Brisk Sales of E85 in Minnesota During 2011

clean air choice mnStrong sales of E85 continue across the Midwest and especially in Minnesota, according to organizations that track sales.

In the first eight months of 2011, Minnesota E85 sales increased 26 percent compared to the same period in 2010. Reports from Iowa and North Dakota also show significantly higher E85 sales this year than in 2010.

Minnesota has more than 360 E85 retail outlets, more than any other state. Plus, the state also continues to make progress to reduce gasoline consumption in state-owned vehicles. Between July 2010 and June 2011, the state fleet used more than one million gallons of E85, setting a new record for a 12-month period.

According to the Minnesota SmartFleet Committee, E85 now accounts for approximately 19 percent of their light-duty fuel purchases. State agencies used 736,885 gallons of E85 from January through September, up from the 724,827 gallons during the same period in 2010.

“This increase is all the more notable because many of the state’s 3,000 flex fuel vehicles that are capable of using E85 were not driven during a 20-day state government shutdown in July,” said Tim Morse, chair of the SmartFleet Committee and director of Fleet and Surplus Services for the Minnesota Department of Administration.

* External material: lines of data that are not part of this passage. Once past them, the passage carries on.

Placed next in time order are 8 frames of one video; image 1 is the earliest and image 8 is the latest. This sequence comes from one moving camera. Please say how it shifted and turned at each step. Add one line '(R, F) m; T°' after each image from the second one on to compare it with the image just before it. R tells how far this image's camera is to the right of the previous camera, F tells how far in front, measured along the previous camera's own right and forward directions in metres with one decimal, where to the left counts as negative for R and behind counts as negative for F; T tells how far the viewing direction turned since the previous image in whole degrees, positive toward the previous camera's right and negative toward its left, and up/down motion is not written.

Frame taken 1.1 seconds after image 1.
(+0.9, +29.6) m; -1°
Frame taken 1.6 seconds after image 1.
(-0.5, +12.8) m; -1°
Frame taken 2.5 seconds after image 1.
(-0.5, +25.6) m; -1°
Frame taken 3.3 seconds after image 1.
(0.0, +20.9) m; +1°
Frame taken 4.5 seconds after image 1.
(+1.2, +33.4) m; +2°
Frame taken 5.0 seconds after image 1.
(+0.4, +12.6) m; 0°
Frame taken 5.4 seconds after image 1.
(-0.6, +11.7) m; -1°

“Using these fuels not only reduces lifecycle emissions and air pollution, they also help reduce our dependence on petroleum, a majority of which is imported into Minnesota from tar sand sources,” said Kelly Marczak, director of the Clean Air Choice program of the American Lung Association in Minnesota and SmartFleet Committee member.

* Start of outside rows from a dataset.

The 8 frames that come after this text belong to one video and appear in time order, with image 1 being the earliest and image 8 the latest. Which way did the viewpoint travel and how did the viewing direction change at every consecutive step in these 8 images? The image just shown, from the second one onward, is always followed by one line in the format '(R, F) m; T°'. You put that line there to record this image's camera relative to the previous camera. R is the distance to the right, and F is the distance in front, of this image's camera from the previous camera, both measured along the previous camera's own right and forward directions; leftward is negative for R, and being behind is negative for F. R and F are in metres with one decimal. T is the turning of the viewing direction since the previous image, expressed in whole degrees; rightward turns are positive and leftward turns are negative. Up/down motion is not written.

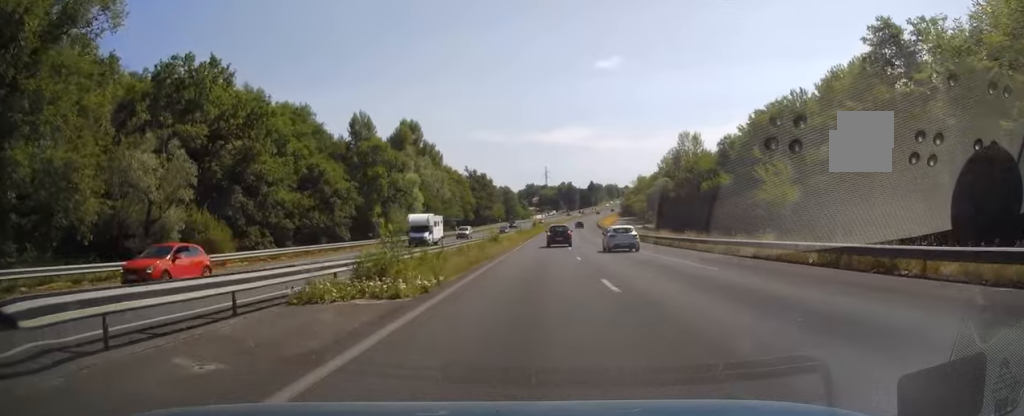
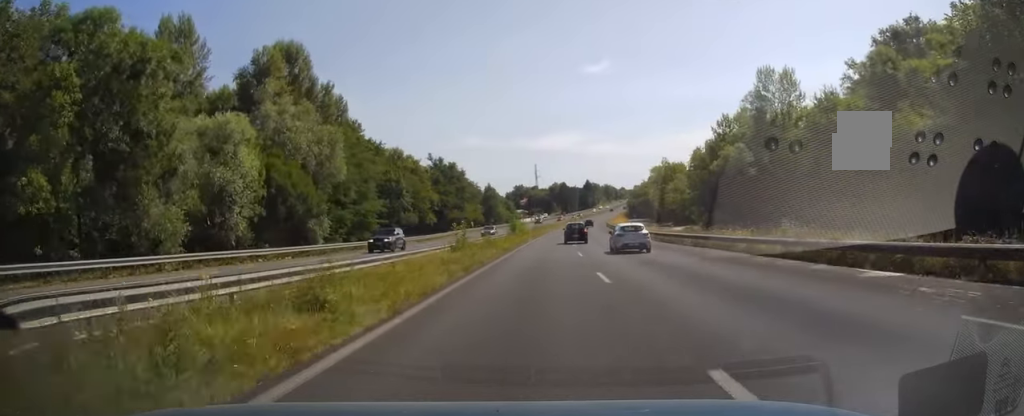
(+0.2, +50.2) m; +1°
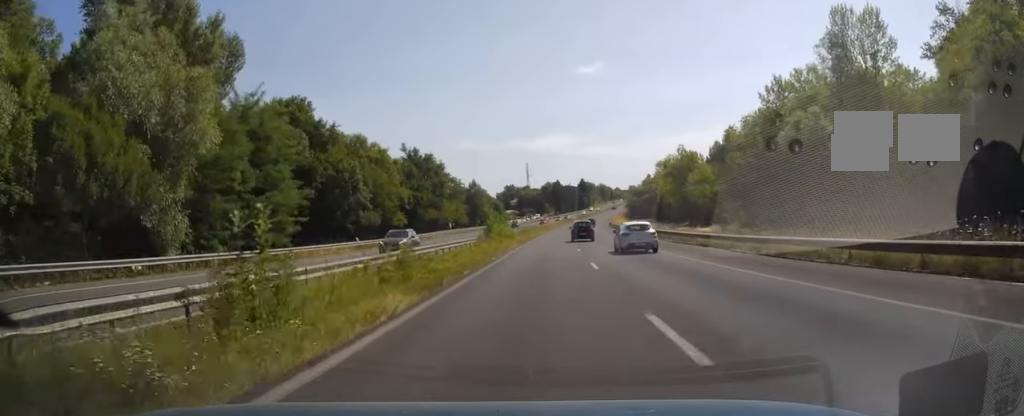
(0.0, +21.7) m; +1°
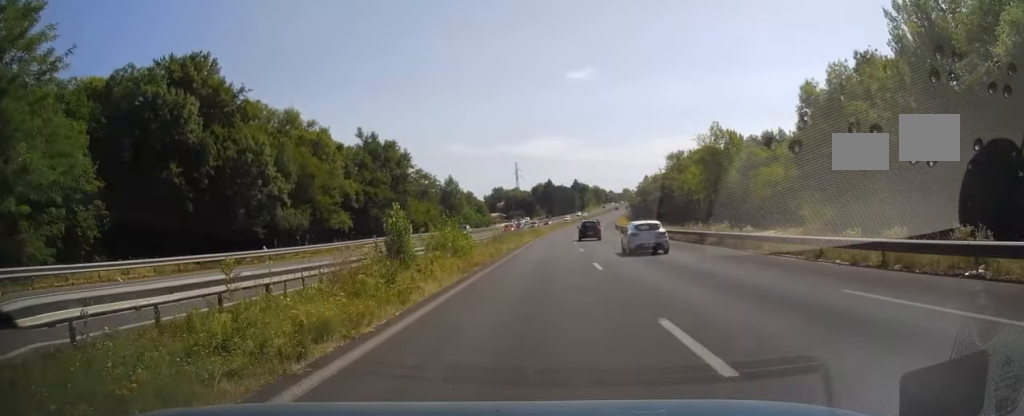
(+0.3, +26.8) m; +1°
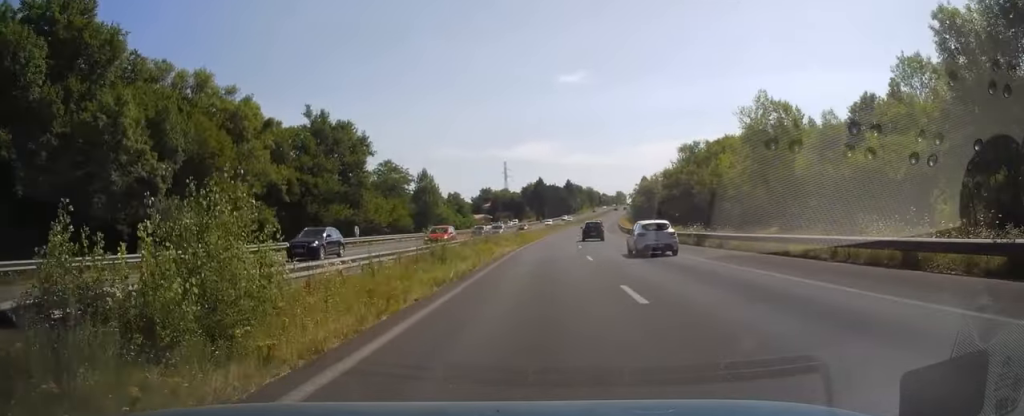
(+0.1, +21.5) m; +1°
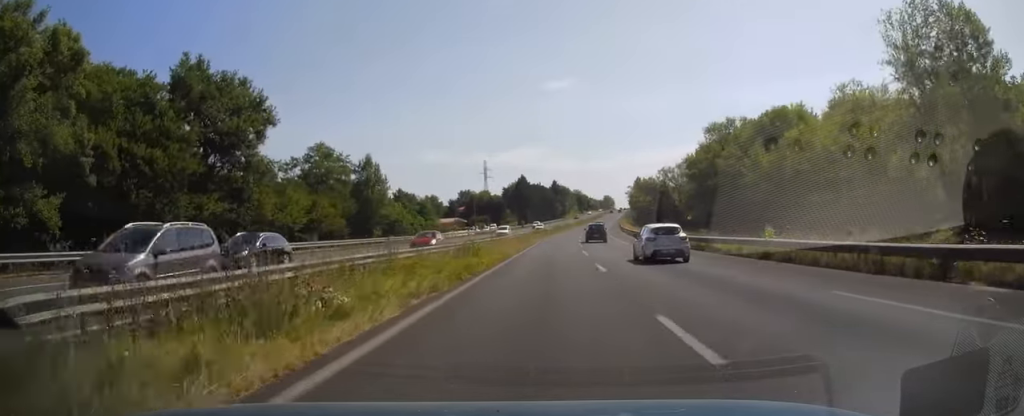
(+0.3, +30.5) m; +2°
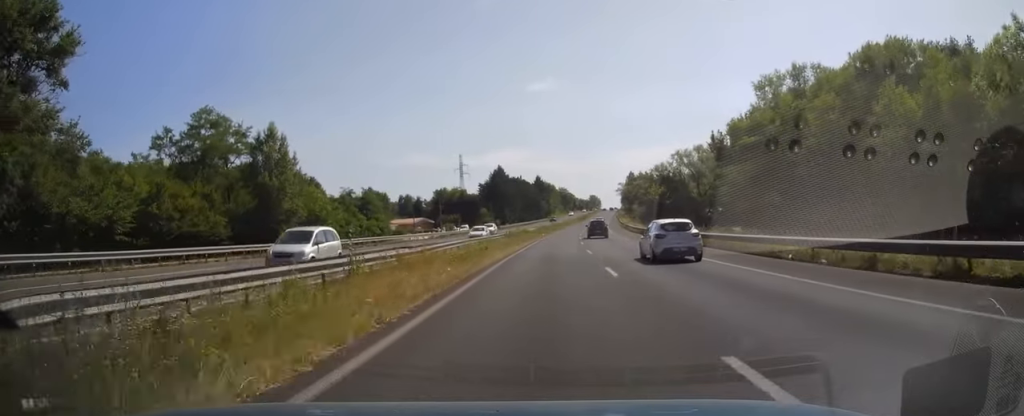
(+0.6, +29.6) m; +1°
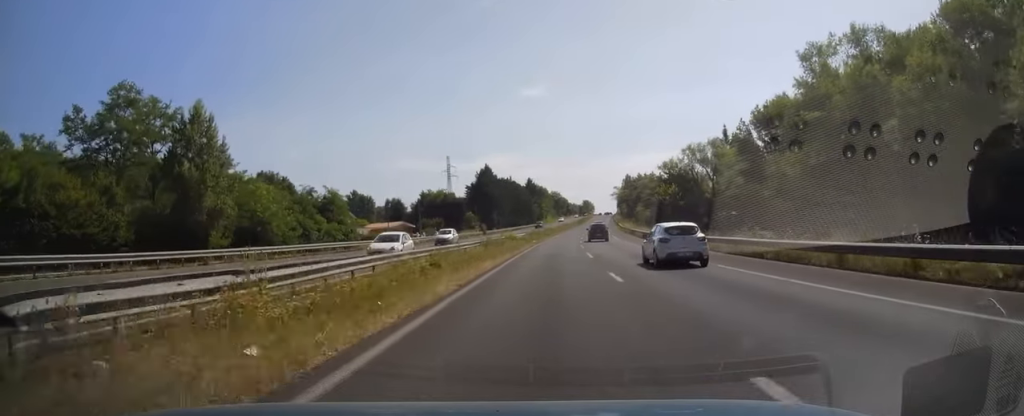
(-0.1, +13.9) m; 0°

Researchers Find More Pollution from Sugarcane Ethanol

University researchers from California, Iowa and Chile have found that sugarcane ethanol production creates up to seven times more air pollutants than previously estimated, according to news from the University of Iowa.

The research team used agricultural survey data from Brazil to calculate emissions of air pollutants and greenhouse gases from the entire production, distribution, and lifecycle of sugarcane ethanol from 2000 to 2008.

The estimated pollutants were 1.5 to 7.3 times higher than those from satellite-based methods, according to lead author Elliott Campbell of the University of California, Merced.

Greg Carmichael, Karl Kammermeyer Professor of Chemical and Biochemical Engineering in the UI College of Engineering and co-director of the Center for Global and Regional Environmental Research (CGRER), and UI assistant professor Scott Spak note that the findings reflect continued practices and trends that are a part of the production of sugarcane ethanol. These include the practice of burning sugarcane fields before harvest, as well as the fact that sugarcane production in Brazil continues to grow.

“We found that the vast majority of emissions come from burning the sugarcane fields prior to harvesting, a practice the Brazilian government has been moving to end,” says Spak. “However, the sugarcane industry has been expanding rapidly and moving into more remote areas, which makes it much more difficult to enforce new regulations over this growing source of air pollution and greenhouse gases.

“As people try to determine how to integrate biofuels into the global economy, Brazilian sugarcane ethanol has often been considered a more environmentally friendly fuel source than U.S. corn ethanol. In fact, the U.S. Environmental Protection Agency considers sugarcane ethanol an ‘advanced biofuel’ with fewer greenhouse gas emissions than conventional biofuels like corn ethanol. These new findings help us refine those estimates and move closer to making more informed comparisons between different fuel sources, and ultimately make better decisions about how to grow and use biofuels,” Spak says.

The study, titled “Increased estimates of air-pollution emissions from Brazilian sugarcane ethanol,” is featured in the Nature Highlights section and published in the Dec. 11 Advance Online Publication of the journal Nature Climate Change.